__Activity__
Below are records to repeat exactly; copy them without the pictures.

__Material for the task__
++++++++
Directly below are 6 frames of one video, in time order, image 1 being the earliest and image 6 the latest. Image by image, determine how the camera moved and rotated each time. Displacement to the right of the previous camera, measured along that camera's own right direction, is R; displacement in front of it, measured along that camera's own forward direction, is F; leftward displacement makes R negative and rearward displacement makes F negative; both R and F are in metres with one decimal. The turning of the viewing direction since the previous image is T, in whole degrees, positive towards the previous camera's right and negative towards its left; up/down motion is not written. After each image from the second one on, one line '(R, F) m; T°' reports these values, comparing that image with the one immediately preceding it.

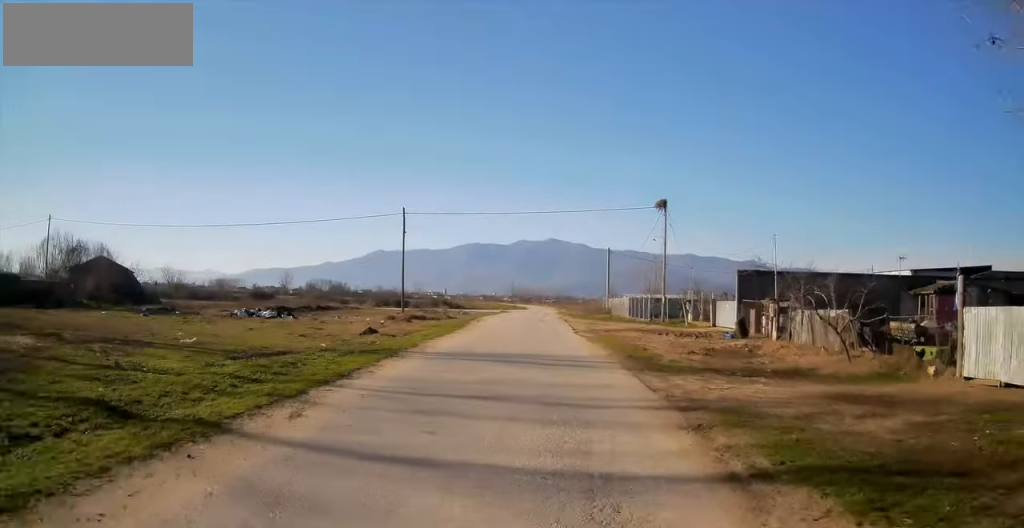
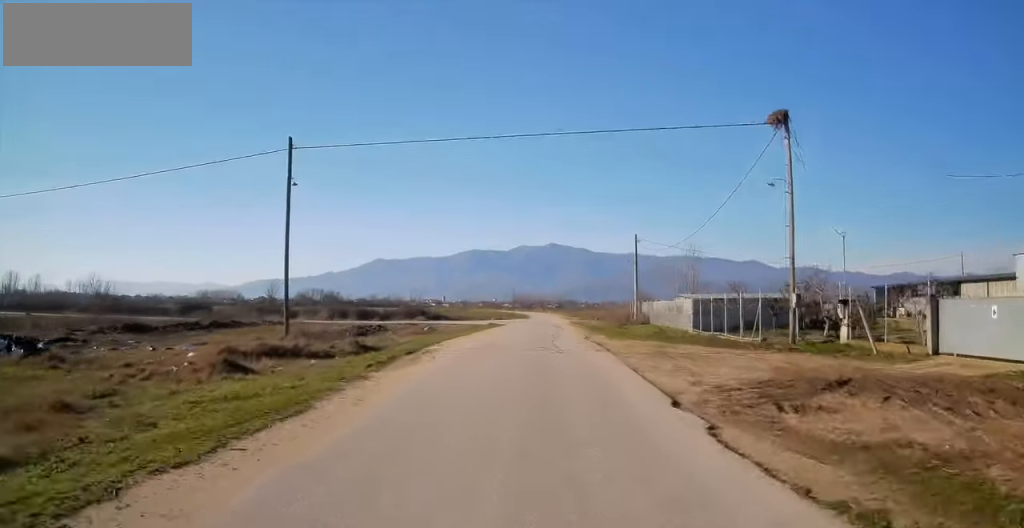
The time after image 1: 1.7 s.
(-0.2, +23.2) m; -2°
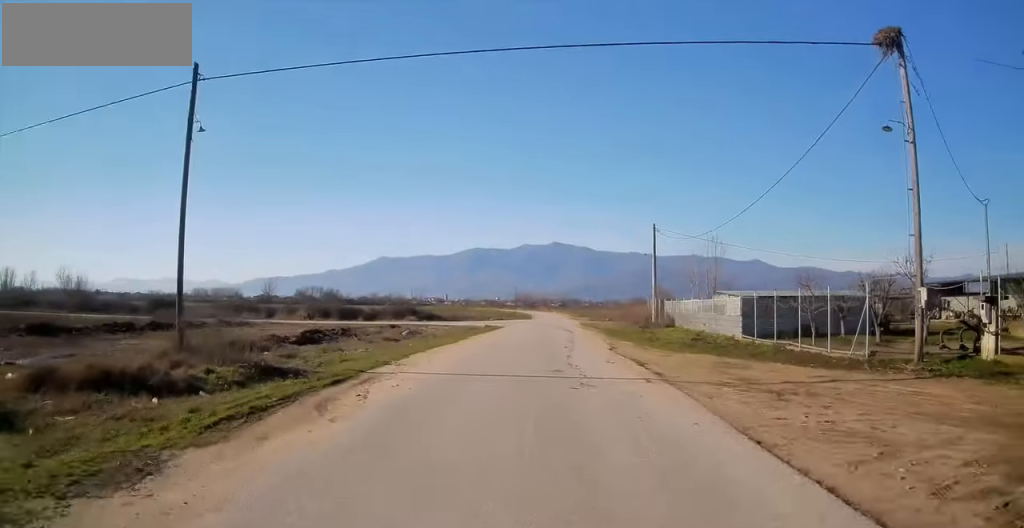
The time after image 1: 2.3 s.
(-0.2, +8.2) m; 0°
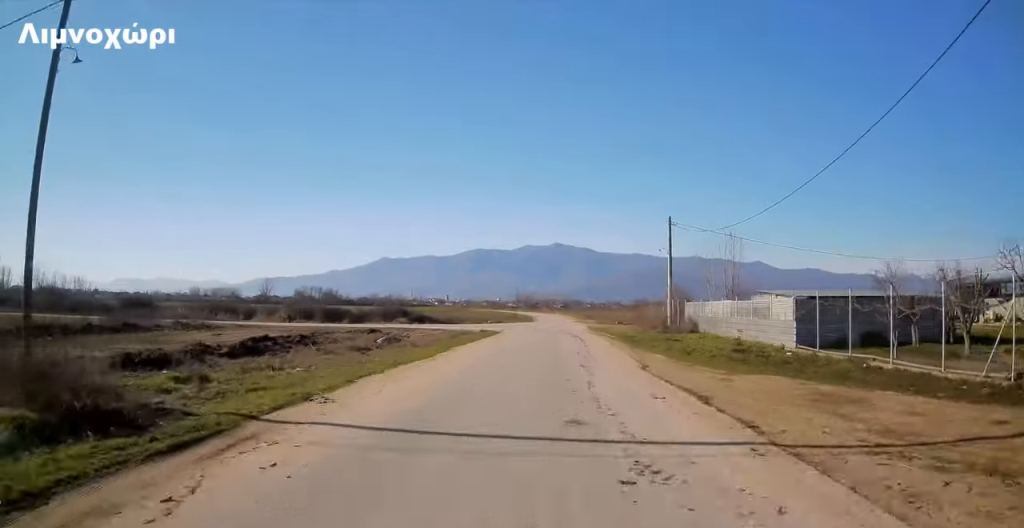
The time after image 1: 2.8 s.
(0.0, +6.0) m; 0°
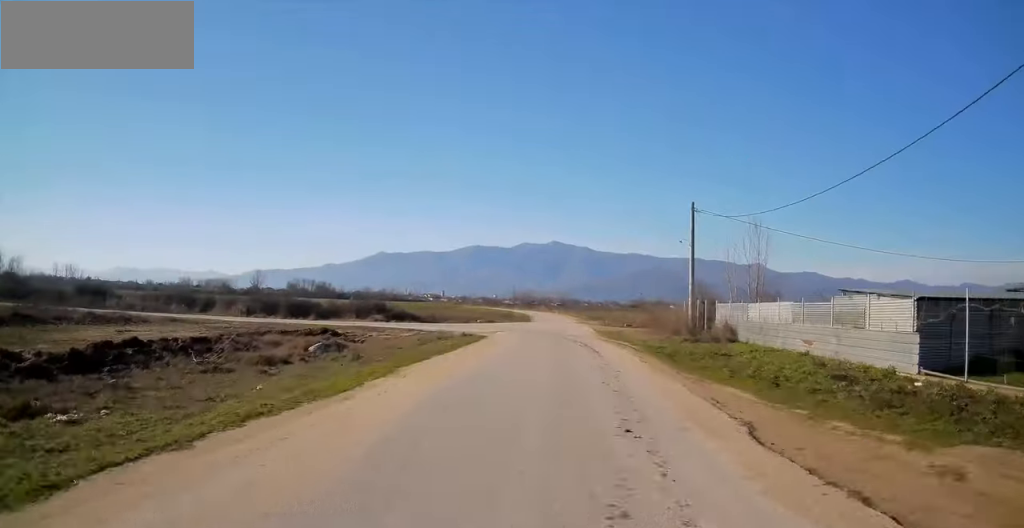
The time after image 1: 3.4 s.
(+0.1, +8.3) m; +1°
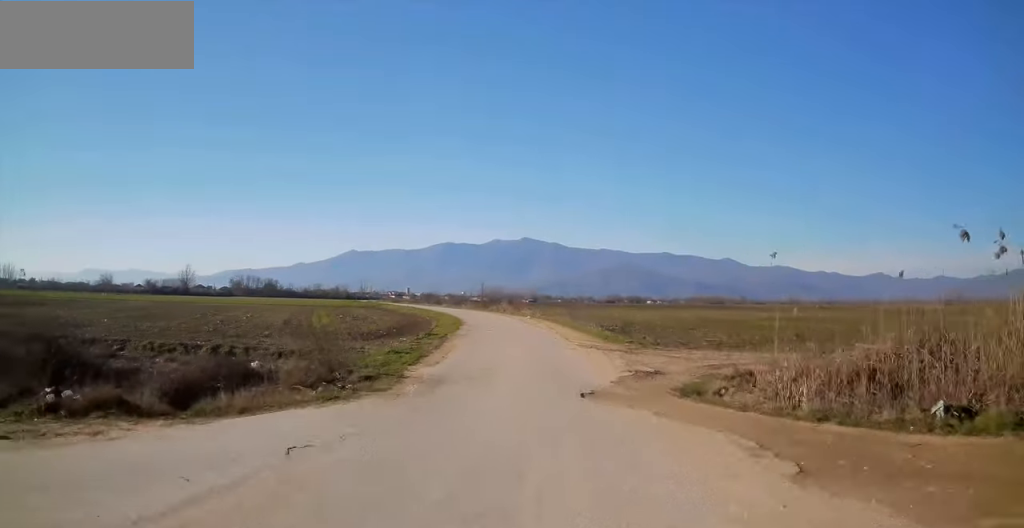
++++++++
__Task solution__
Directly below are 6 frames of one video, in time order, image 1 being the earliest and image 6 the latest. Image by image, determine how the camera moved and rotated each time. Displacement to the right of the previous camera, measured along that camera's own right direction, is R; displacement in front of it, measured along that camera's own forward direction, is F; leftward displacement makes R negative and rearward displacement makes F negative; both R and F are in metres with one decimal. The turning of the viewing direction since the previous image is T, in whole degrees, positive towards the previous camera's right and negative towards its left; up/down motion is not written. After each image from the second one on, one line '(R, F) m; T°' reports these values, comparing that image with the one immediately preceding it.

The time after image 1: 1.7 s.
(-0.2, +23.2) m; -2°
The time after image 1: 2.3 s.
(-0.2, +8.2) m; 0°
The time after image 1: 2.8 s.
(0.0, +6.0) m; 0°
The time after image 1: 3.4 s.
(+0.1, +8.3) m; +1°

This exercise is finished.